Immune checkpoint inhibitors are among some of the most exciting new drug targets that researchers and clinicians have added to their arsenal in the fight against deadly diseases such as cancer. While much is known about how these checkpoint pathways operate, there are still some knowledge gaps that need to be addressed, in order to fully understand the potential of these druggable systems.
Immune checkpoints are typically surface proteins that cancer cells use to evade the immune response. These surface proteins are critical for cancer cell growth and drugs targeting these proteins have revolutionized the management of patients with a wide array of cancers. Finding a mechanism to degrade these immune checkpoints may allow the immune system to kill cancer cells.
Now, a team of investigators from Boston University School of Medicine (BUSM) has discovered the protein casitas B lymphoma (c-Cbl) has the ability to degrade the checkpoint protein PD-1, a protein found on T cells that helps keep them from attacking other cells in the body. Manipulating c-Cbl’s ability to regulate expression of PD-1 may be beneficial in the treatment of certain cancers including melanoma, bladder, kidney, breast, and non-small lung cancers.
Findings from the new study were published recently in Scientific Reports through an article titled “c-Cbl targets PD-1 in immune cells for proteasomal degradation and modulates colorectal tumor growth.”
“c-Cbl is an E3 ubiquitin ligase and a negative regulator of colorectal cancer,” the authors wrote. “Despite its high expression in immune cells, the effect of c-Cbl on the tumor microenvironment remains poorly understood.”
Cancer cells often increase their expression to “trick” the immune system and avoiding being detected as foreign or harmful and thus avoid being attacked or destroyed. Manipulating c-Cbl’s ability to regulate the expression of PD-1 may be incredibly beneficial in the treatment of these cancers.
For the current study, the researchers examined the effect of c-Cbl on immune cells on experimental models lacking one copy of the c-Cbl gene. Tumor cells were implanted in these models and growth of the tumors was compared between models lacking the gene and unmodified models which served as controls. The researchers found that tumor growth was greater in the genetically modified model.
“We demonstrate that c-Cbl alters the tumor microenvironment and suppresses Programmed cell death-1 (PD-1) protein, an immune checkpoint receptor. Using syngeneic CRC xenografts, we observed significantly higher growth of xenografts and infiltrating immune cells in c-Cbl+/− compared to c-Cbl+/+ mice,” the authors explained. “Tumor-associated CD8+ T-lymphocytes and macrophages of c-Cbl+/− mice showed 2–3-fold higher levels of PD-1. Functionally, macrophages from c-Cbl+/− mice showed a 4–5-fold reduction in tumor phagocytosis, which was restored with an anti-PD-1 neutralizing antibody suggesting regulation of PD-1 by c-Cbl. Further mechanistic probing revealed that C-terminus of c-Cbl interacted with the cytoplasmic tail of PD-1. c-Cbl destabilized PD-1 through ubiquitination- proteasomal degradation depending on c-Cbl’s RING finger function.”

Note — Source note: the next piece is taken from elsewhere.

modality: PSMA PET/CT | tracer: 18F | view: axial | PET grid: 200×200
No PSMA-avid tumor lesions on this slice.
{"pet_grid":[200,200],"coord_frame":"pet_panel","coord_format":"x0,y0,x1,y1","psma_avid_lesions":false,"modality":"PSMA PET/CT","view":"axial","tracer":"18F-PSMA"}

The BUSM investigators were encouraged by their findings and noted that it may be possible in the near future to develop therapies that will inhibit tumor growth by activating c-Cbl protein.

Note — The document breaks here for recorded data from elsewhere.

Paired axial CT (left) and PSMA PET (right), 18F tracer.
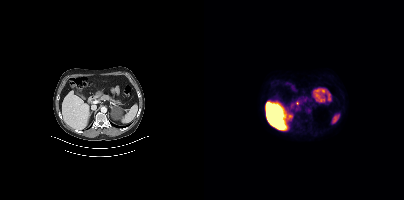
This slice has no annotated PSMA-avid lesion.
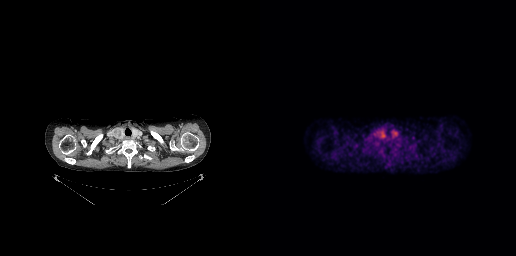
Findings: This slice has no annotated PSMA-avid lesion.
Technique: Two-panel axial: CT | PSMA PET, 18F tracer. slice 226 of 263. PET panel 256×256 px (2.7 mm/px).

“While drugs targeting PD-1 are currently available for clinical use and such agents command a global market cap of more than $3 billion, only a small fraction of cancer patients respond to them,” concluded senior study investigator Vipul Chitalia, MD, PhD, associate professor of medicine at BUSM. “This trend suggests a need for agents that work simultaneously on more than one cancer-causing mechanism. Activating c-Cbl will degrade several proteins that contribute to tumor formation allowing the effects of its actions to go above and beyond PD-1 medications alone.”